Highly Viscoelastic Worm-Like Micelle Solution of Sodium Hexadecyl Sulfate Induced by Bolaform Counterions

  • 1.

    Institute of Colloid and Interface Chemistry, Department of Applied Chemistry, College of Chemistry and Chemical Engineering, Fuzhou University, Fuzhou 350108, P. R. China

  • Received Date: 16 November 2011
    Available Online: 21 February 2012

    Fund Project: 国家自然科学基金(20673021, 20873024) (20673021, 20873024)福建省自然科学基金(2010J01038)资助项目 (2010J01038)

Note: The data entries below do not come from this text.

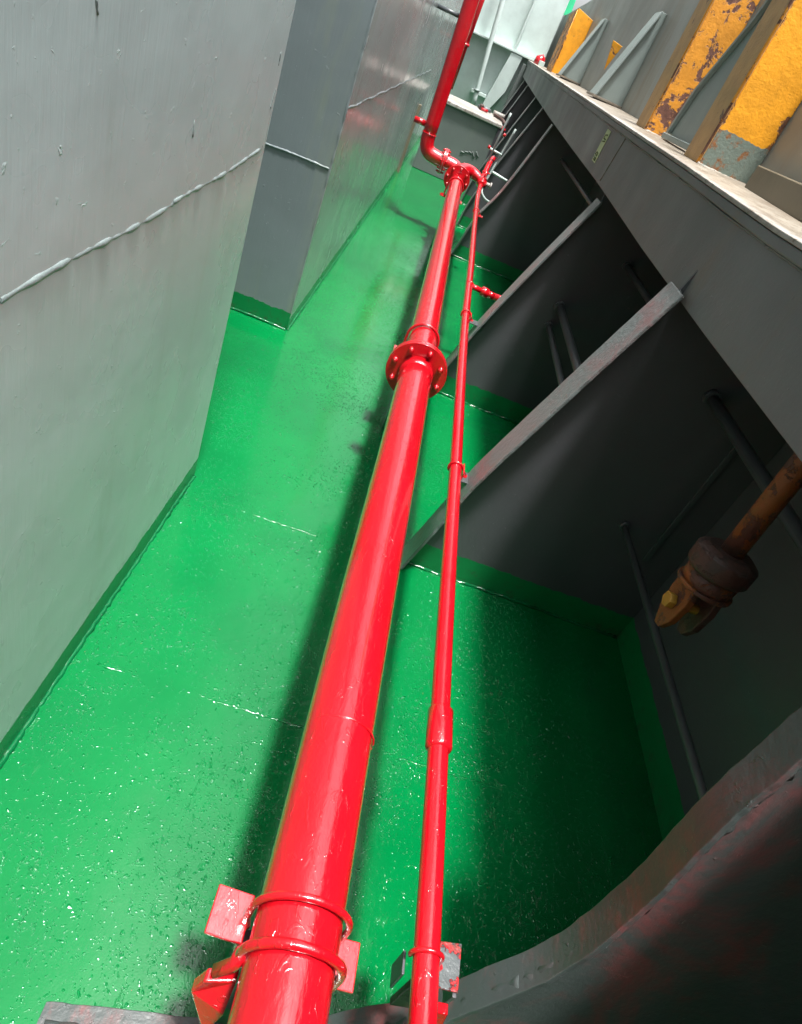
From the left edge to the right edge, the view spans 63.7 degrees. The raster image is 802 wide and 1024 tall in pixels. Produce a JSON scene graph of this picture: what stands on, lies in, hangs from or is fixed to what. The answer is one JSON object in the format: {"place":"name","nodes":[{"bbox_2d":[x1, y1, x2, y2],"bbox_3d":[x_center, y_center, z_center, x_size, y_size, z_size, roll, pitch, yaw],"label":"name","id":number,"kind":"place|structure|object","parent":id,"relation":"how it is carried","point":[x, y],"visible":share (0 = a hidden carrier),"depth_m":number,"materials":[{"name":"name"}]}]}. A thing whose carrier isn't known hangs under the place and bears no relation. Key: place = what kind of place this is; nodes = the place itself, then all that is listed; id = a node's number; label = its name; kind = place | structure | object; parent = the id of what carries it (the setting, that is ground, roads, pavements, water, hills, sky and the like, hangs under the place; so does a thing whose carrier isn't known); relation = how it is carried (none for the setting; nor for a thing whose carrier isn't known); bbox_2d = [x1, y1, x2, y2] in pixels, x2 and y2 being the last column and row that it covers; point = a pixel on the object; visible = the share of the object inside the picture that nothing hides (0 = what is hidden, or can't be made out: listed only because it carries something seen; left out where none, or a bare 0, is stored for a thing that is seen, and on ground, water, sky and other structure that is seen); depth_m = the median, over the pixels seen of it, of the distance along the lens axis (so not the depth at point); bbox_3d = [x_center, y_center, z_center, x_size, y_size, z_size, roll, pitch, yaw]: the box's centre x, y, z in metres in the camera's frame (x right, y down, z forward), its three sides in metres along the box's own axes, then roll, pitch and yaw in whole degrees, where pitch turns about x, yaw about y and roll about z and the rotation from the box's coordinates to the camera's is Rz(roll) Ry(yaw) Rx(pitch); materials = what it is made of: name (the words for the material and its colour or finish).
{"place":"outdoors","nodes":[
{"label":"outdoors","id":0,"kind":"place"},
{"bbox_2d":[0,0,295,768],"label":"deckhouse wall","id":1,"kind":"structure","parent":0,"point":[133,135],"depth_m":1.21,"materials":[{"name":"grey metal"}]},
{"bbox_2d":[0,138,662,1023],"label":"deck","id":2,"kind":"structure","parent":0,"point":[140,814],"depth_m":1.91,"materials":[{"name":"green paint"}]},
{"bbox_2d":[240,510,317,537],"bbox_3d":[-0.475,0.040,2.437,0.341,0.014,0.013,20,36,-8],"label":"weld bead","id":3,"kind":"object","parent":2,"relation":"on","point":[284,525],"visible":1,"depth_m":2.44,"materials":[{"name":"green paint"}]},
{"bbox_2d":[97,663,546,803],"bbox_3d":[-0.194,0.643,1.837,1.352,0.016,0.013,20,36,-8],"label":"weld bead","id":4,"kind":"object","parent":2,"relation":"on","point":[298,727],"visible":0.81,"depth_m":1.82,"materials":[{"name":"green paint"}]},
{"bbox_2d":[230,0,462,330],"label":"deckhouse wall","id":5,"kind":"structure","parent":2,"relation":"on","point":[358,82],"depth_m":3.44,"materials":[{"name":"grey metal"}]},
{"bbox_2d":[397,104,421,172],"bbox_3d":[0.098,-4.708,8.157,0.037,0.800,0.060,20,36,-7],"label":"corner channel","id":6,"kind":"object","parent":5,"relation":"attached to","point":[408,141],"visible":0.93,"depth_m":8.15,"materials":[{"name":"grey metal"}]},
{"bbox_2d":[451,0,484,89],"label":"riser pipe","id":7,"kind":"object","parent":5,"relation":"attached to","point":[477,13],"visible":0.51,"depth_m":10.06,"materials":[{"name":"red metal"}]},
{"bbox_2d":[227,0,482,1023],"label":"pipe","id":8,"kind":"object","parent":2,"relation":"on","point":[315,842],"visible":1,"depth_m":1.28,"materials":[{"name":"red metal"}]},
{"bbox_2d":[408,155,500,1023],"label":"service pipe","id":9,"kind":"object","parent":8,"relation":"attached to","point":[424,993],"visible":0.95,"depth_m":1.37,"materials":[{"name":"red metal"}]},
{"bbox_2d":[390,941,461,1023],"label":"pipe bracket","id":10,"kind":"object","parent":9,"relation":"attached to","point":[449,954],"visible":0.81,"depth_m":1.07,"materials":[{"name":"metal"}]},
{"bbox_2d":[476,170,491,188],"bbox_3d":[0.820,-3.238,6.316,0.150,0.160,0.132,20,36,-7],"label":"valve","id":11,"kind":"object","parent":9,"relation":"attached to","point":[483,180],"visible":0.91,"depth_m":6.28,"materials":[{"name":"red paint"}]},
{"bbox_2d":[481,113,515,201],"bbox_3d":[0.984,-3.505,6.403,0.280,0.772,0.220,39,37,18],"label":"ladder","id":12,"kind":"object","parent":9,"relation":"attached to","point":[499,154],"visible":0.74,"depth_m":6.41,"materials":[{"name":"metal"}]},
{"bbox_2d":[382,323,439,427],"bbox_3d":[0.025,-0.631,3.087,0.220,0.586,0.120,20,36,-7],"label":"pipe clamp","id":13,"kind":"object","parent":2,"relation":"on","point":[423,324],"visible":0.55,"depth_m":2.94,"materials":[{"name":"red metal"}]},
{"bbox_2d":[37,707,801,1023],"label":"stay","id":14,"kind":"object","parent":2,"relation":"on","point":[695,917],"visible":0.91,"depth_m":1.03,"materials":[{"name":"grey paint"}]},
{"bbox_2d":[191,884,359,1023],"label":"pipe clamp","id":15,"kind":"object","parent":14,"relation":"attached to","point":[213,989],"visible":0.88,"depth_m":0.97,"materials":[{"name":"red metal"}]},
{"bbox_2d":[431,177,463,243],"bbox_3d":[0.422,-2.836,6.107,0.220,0.632,0.120,20,36,-7],"label":"pipe clamp","id":16,"kind":"object","parent":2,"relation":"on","point":[442,194],"visible":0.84,"depth_m":5.97,"materials":[{"name":"red metal"}]},
{"bbox_2d":[412,94,502,182],"bbox_3d":[0.812,-5.363,9.335,0.980,0.906,1.230,20,36,-7],"label":"deck locker","id":17,"kind":"object","parent":2,"relation":"on","point":[466,132],"visible":0.76,"depth_m":8.80,"materials":[{"name":"grey metal"}]},
{"bbox_2d":[478,103,491,112],"bbox_3d":[1.210,-5.827,9.328,0.212,0.062,0.319,20,36,-7],"label":"hose fitting","id":18,"kind":"object","parent":17,"relation":"on","point":[481,107],"visible":1,"depth_m":9.26,"materials":[{"name":"paint"}]},
{"bbox_2d":[493,110,507,132],"bbox_3d":[1.375,-5.471,9.049,0.194,0.167,0.727,17,36,-12],"label":"hose fitting","id":19,"kind":"object","parent":17,"relation":"on","point":[498,115],"visible":0.78,"depth_m":9.04,"materials":[{"name":"metal"}]},
{"bbox_2d":[460,97,541,204],"bbox_3d":[1.450,-4.384,8.007,0.938,1.459,0.082,20,36,-7],"label":"stay","id":20,"kind":"object","parent":2,"relation":"on","point":[528,115],"visible":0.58,"depth_m":7.86,"materials":[{"name":"grey paint"}]},
{"bbox_2d":[457,107,553,228],"bbox_3d":[1.315,-3.627,6.959,0.938,1.459,0.082,20,36,-7],"label":"stay","id":21,"kind":"object","parent":2,"relation":"on","point":[514,156],"visible":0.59,"depth_m":6.88,"materials":[{"name":"grey paint"}]},
{"bbox_2d":[450,0,568,113],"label":"superstructure","id":22,"kind":"object","parent":2,"relation":"on","point":[526,31],"visible":0.41,"depth_m":10.66,"materials":[{"name":"paint"}]},
{"bbox_2d":[471,0,504,104],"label":"vent pipe","id":23,"kind":"object","parent":22,"relation":"attached to","point":[476,89],"visible":0.92,"depth_m":10.50,"materials":[{"name":"metal"}]},
{"bbox_2d":[564,0,575,14],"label":"green frame","id":24,"kind":"object","parent":22,"relation":"attached to","point":[570,6],"visible":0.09,"depth_m":11.02,"materials":[{"name":"paint"}]},
{"bbox_2d":[485,85,534,160],"bbox_3d":[1.657,-5.548,9.621,0.938,1.459,0.082,20,36,-7],"label":"stay","id":25,"kind":"object","parent":2,"relation":"on","point":[523,101],"visible":0.2,"depth_m":9.39,"materials":[{"name":"grey paint"}]},
{"bbox_2d":[451,124,595,281],"bbox_3d":[1.169,-2.865,5.897,0.957,1.460,0.112,20,36,-7],"label":"stay","id":26,"kind":"object","parent":2,"relation":"on","point":[530,210],"visible":0.84,"depth_m":5.95,"materials":[{"name":"grey paint"}]},
{"bbox_2d":[559,158,592,205],"bbox_3d":[1.262,-2.234,4.487,0.048,0.048,2.900,20,36,-7],"label":"conduit","id":27,"kind":"object","parent":26,"relation":"attached to","point":[586,196],"visible":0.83,"depth_m":4.70,"materials":[{"name":"metal"}]},
{"bbox_2d":[438,194,666,423],"bbox_3d":[0.846,-1.102,3.447,0.977,1.460,0.122,20,36,-7],"label":"stay","id":28,"kind":"object","parent":2,"relation":"on","point":[575,267],"visible":0.59,"depth_m":3.46,"materials":[{"name":"grey paint"}]},
{"bbox_2d":[460,309,483,328],"bbox_3d":[0.394,-1.062,3.550,0.149,0.075,0.075,20,36,-7],"label":"pipe bracket","id":29,"kind":"object","parent":28,"relation":"attached to","point":[473,322],"visible":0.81,"depth_m":3.54,"materials":[{"name":"red metal"}]},
{"bbox_2d":[400,269,785,637],"bbox_3d":[0.694,-0.181,2.179,0.952,1.461,0.132,20,36,-7],"label":"stay","id":30,"kind":"object","parent":2,"relation":"on","point":[566,476],"visible":0.91,"depth_m":2.22,"materials":[{"name":"grey paint"}]},
{"bbox_2d":[447,461,467,483],"bbox_3d":[0.231,-0.137,2.311,0.145,0.075,0.075,20,36,-7],"label":"pipe bracket","id":31,"kind":"object","parent":30,"relation":"attached to","point":[464,476],"visible":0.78,"depth_m":2.29,"materials":[{"name":"red metal"}]},
{"bbox_2d":[544,321,564,385],"bbox_3d":[0.720,-0.562,2.880,0.051,0.050,1.550,20,36,-7],"label":"conduit","id":32,"kind":"object","parent":30,"relation":"attached to","point":[548,326],"visible":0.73,"depth_m":3.16,"materials":[{"name":"metal"}]},
{"bbox_2d":[554,301,580,371],"bbox_3d":[0.765,-0.644,2.816,0.064,0.063,1.550,20,36,-7],"label":"conduit","id":33,"kind":"object","parent":30,"relation":"attached to","point":[559,307],"visible":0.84,"depth_m":3.06,"materials":[{"name":"metal"}]},
{"bbox_2d":[622,261,651,303],"bbox_3d":[1.069,-0.802,2.662,0.051,0.051,1.550,20,36,-7],"label":"conduit","id":34,"kind":"object","parent":30,"relation":"attached to","point":[636,280],"visible":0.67,"depth_m":3.04,"materials":[{"name":"metal"}]},
{"bbox_2d":[618,521,707,799],"bbox_3d":[0.650,0.898,1.141,0.040,0.039,2.930,20,36,-7],"label":"conduit","id":35,"kind":"object","parent":30,"relation":"attached to","point":[688,745],"visible":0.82,"depth_m":1.76,"materials":[{"name":"metal"}]},
{"bbox_2d":[642,447,736,561],"bbox_3d":[1.000,-0.022,2.238,0.016,0.550,0.009,20,36,-7],"label":"stiffener bar","id":36,"kind":"object","parent":30,"relation":"attached to","point":[695,497],"visible":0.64,"depth_m":2.23,"materials":[{"name":"paint"}]},
{"bbox_2d":[702,389,801,555],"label":"conduit","id":37,"kind":"object","parent":30,"relation":"attached to","point":[787,516],"visible":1,"depth_m":1.70,"materials":[{"name":"metal"}]},
{"bbox_2d":[523,60,801,461],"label":"girder","id":38,"kind":"object","parent":2,"relation":"on","point":[737,244],"visible":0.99,"depth_m":1.78,"materials":[{"name":"grey metal"}]},
{"bbox_2d":[501,80,527,114],"bbox_3d":[1.770,-6.188,10.508,0.938,1.459,0.082,20,36,-7],"label":"stay","id":39,"kind":"object","parent":38,"relation":"attached to","point":[516,95],"visible":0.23,"depth_m":10.22,"materials":[{"name":"grey paint"}]},
{"bbox_2d":[533,54,544,66],"bbox_3d":[2.084,-6.736,9.619,0.179,0.155,0.389,20,36,-7],"label":"red fitting","id":40,"kind":"object","parent":38,"relation":"on","point":[539,60],"visible":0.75,"depth_m":9.64,"materials":[{"name":"paint"}]},
{"bbox_2d":[546,8,592,77],"bbox_3d":[2.156,-5.992,8.287,0.229,0.694,0.810,20,36,-7],"label":"post","id":41,"kind":"object","parent":38,"relation":"on","point":[575,31],"visible":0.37,"depth_m":7.98,"materials":[{"name":"yellow metal"}]},
{"bbox_2d":[556,18,608,85],"bbox_3d":[1.967,-5.059,7.063,0.259,0.630,0.350,20,36,-7],"label":"gusset","id":42,"kind":"object","parent":38,"relation":"on","point":[573,69],"visible":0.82,"depth_m":7.00,"materials":[{"name":"grey paint"}]},
{"bbox_2d":[592,129,610,162],"bbox_3d":[1.071,-1.958,3.455,0.010,0.162,0.135,20,36,-7],"label":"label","id":43,"kind":"object","parent":38,"relation":"attached to","point":[602,144],"visible":1,"depth_m":3.45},
{"bbox_2d":[604,40,621,69],"bbox_3d":[1.708,-3.686,5.228,0.098,0.198,0.028,39,38,19],"label":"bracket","id":44,"kind":"object","parent":38,"relation":"attached to","point":[616,47],"visible":1,"depth_m":5.20,"materials":[{"name":"metal"}]},
{"bbox_2d":[586,11,666,108],"bbox_3d":[1.673,-3.410,4.844,0.244,0.628,0.350,20,36,-7],"label":"gusset","id":45,"kind":"object","parent":38,"relation":"on","point":[613,85],"visible":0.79,"depth_m":4.78,"materials":[{"name":"grey paint"}]},
{"bbox_2d":[636,0,759,135],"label":"post","id":46,"kind":"object","parent":38,"relation":"on","point":[712,31],"visible":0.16,"depth_m":3.17,"materials":[{"name":"yellow metal"}]},
{"bbox_2d":[661,0,771,149],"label":"bent bracket","id":47,"kind":"object","parent":38,"relation":"attached to","point":[683,128],"visible":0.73,"depth_m":2.86,"materials":[{"name":"grey metal"}]},
{"bbox_2d":[655,452,801,635],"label":"hanging rod","id":48,"kind":"object","parent":38,"relation":"hanging from","point":[715,575],"visible":1,"depth_m":1.37,"materials":[{"name":"orange metal"}]},
{"bbox_2d":[684,0,801,183],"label":"post","id":49,"kind":"object","parent":38,"relation":"on","point":[754,106],"visible":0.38,"depth_m":2.33,"materials":[{"name":"yellow metal"}]},
{"bbox_2d":[745,165,801,221],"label":"foot block","id":50,"kind":"structure","parent":38,"relation":"on","point":[781,192],"depth_m":2.04,"materials":[{"name":"grey metal"}]},
{"bbox_2d":[544,0,801,839],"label":"hull wall","id":51,"kind":"structure","parent":2,"relation":"on","point":[736,666],"depth_m":2.05,"materials":[{"name":"grey metal"}]},
{"bbox_2d":[563,0,590,15],"label":"sky","id":52,"kind":"structure","parent":0,"point":[578,3],"materials":[{"name":"white"}]}
]}

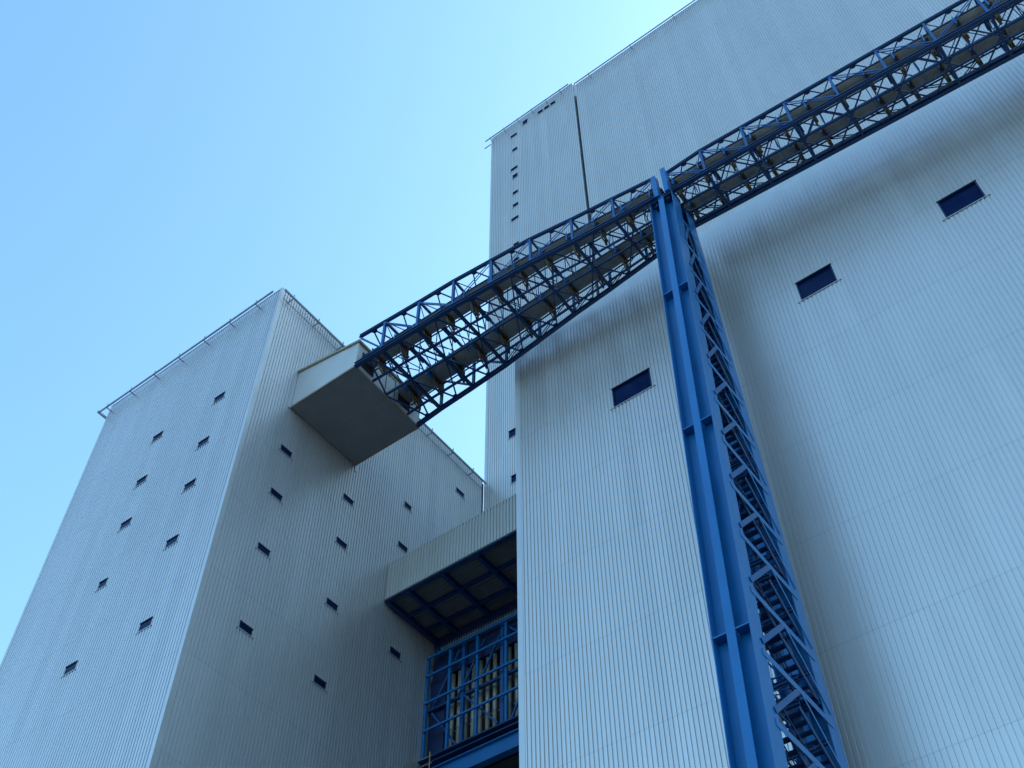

  • The rheological behaviors of mixed aqueous solutions of sodium hexadecyl sulfate (SHS) and a bolaform salt, either N,N'-ethanediyl-α,ω-bis(ethyldimethylammonium bromide) (Bola2Et) or N,N'- propanediyl-α,ω-bis(trimethylammonium bromide) (Bola4), were investigated by steady-state and frequency-sweep measurements. The results showed that long worm-like micelles were formed in both systems at 45 °C, and the solutions exhibited high viscoelasticities, especially the SHS/Bola2Et system in which the solution had very high elasticity. The zero-shear viscosity of SHS/Bola2Et was as high as 2520 Pa·s, and the system was gel-like. These results were attributed to the formation of 2:1 complexes by electrostatic attraction. Since the spacers of both Bola counterions were shorter than the distance between quaternary ammonium ions under electrostatic equilibrium, the generated complex in shape favored formation of worm-like micelles. In comparison, it was difficult to induce SHS to form worm-like micelles by the addition of tetramethylammonium counterions, and the solution exhibited low viscosity.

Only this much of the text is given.